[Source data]
# # #

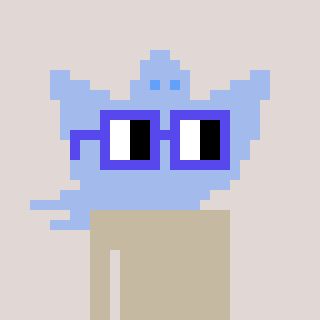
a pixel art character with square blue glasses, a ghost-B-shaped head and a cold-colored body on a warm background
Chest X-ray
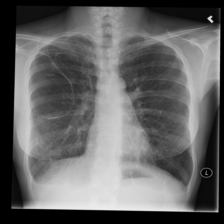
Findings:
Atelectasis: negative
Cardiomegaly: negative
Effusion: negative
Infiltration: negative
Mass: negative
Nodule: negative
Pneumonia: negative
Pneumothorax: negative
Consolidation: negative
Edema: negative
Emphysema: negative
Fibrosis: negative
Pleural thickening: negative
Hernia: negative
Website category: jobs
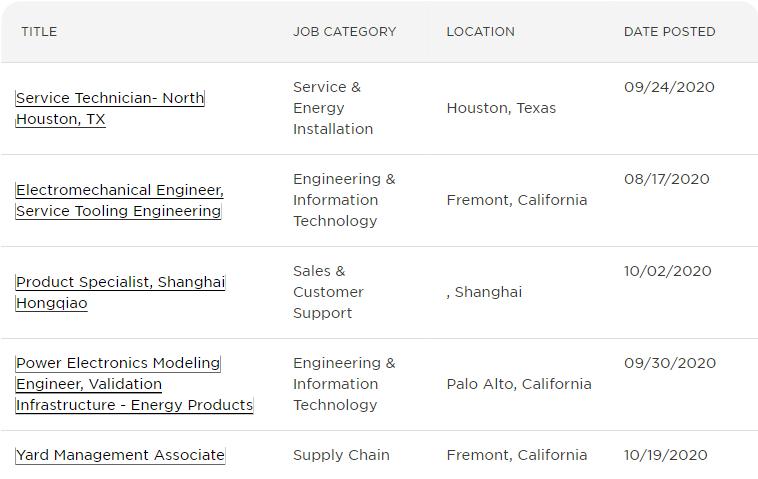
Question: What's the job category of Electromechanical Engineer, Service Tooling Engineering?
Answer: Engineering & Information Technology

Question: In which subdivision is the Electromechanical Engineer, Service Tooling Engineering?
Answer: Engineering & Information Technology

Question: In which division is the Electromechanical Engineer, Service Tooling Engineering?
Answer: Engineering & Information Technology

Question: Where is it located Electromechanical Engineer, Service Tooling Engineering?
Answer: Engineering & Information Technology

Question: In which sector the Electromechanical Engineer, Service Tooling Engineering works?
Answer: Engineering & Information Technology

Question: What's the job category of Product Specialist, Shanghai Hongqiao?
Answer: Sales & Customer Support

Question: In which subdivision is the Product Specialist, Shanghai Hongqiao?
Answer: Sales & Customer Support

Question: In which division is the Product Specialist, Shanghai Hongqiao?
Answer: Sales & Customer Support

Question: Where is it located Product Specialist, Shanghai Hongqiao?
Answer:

# # #

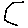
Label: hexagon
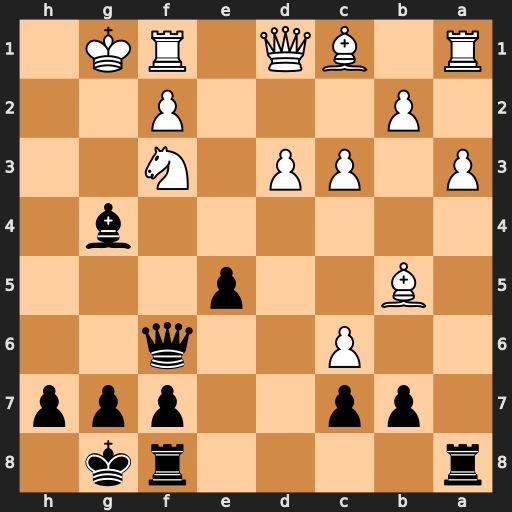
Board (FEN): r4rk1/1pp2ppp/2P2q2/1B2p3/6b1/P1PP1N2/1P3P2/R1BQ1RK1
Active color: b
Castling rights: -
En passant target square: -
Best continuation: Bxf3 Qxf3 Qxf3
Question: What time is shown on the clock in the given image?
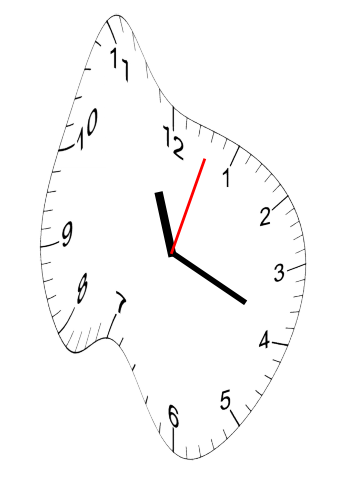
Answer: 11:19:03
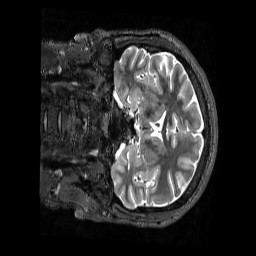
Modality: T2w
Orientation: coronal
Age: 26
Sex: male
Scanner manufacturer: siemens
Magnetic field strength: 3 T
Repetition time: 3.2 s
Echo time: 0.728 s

# # #

What needs to be done: An exact copy of the lines above from the one with "Chest X-ray" up to and including the one with "Emphysema: negative" is required; reproduce only those lines, omitting all pictures.

Response to the exercise:
Chest X-ray
Findings:
Atelectasis: negative
Cardiomegaly: negative
Effusion: negative
Infiltration: negative
Mass: negative
Nodule: negative
Pneumonia: negative
Pneumothorax: negative
Consolidation: negative
Edema: negative
Emphysema: negative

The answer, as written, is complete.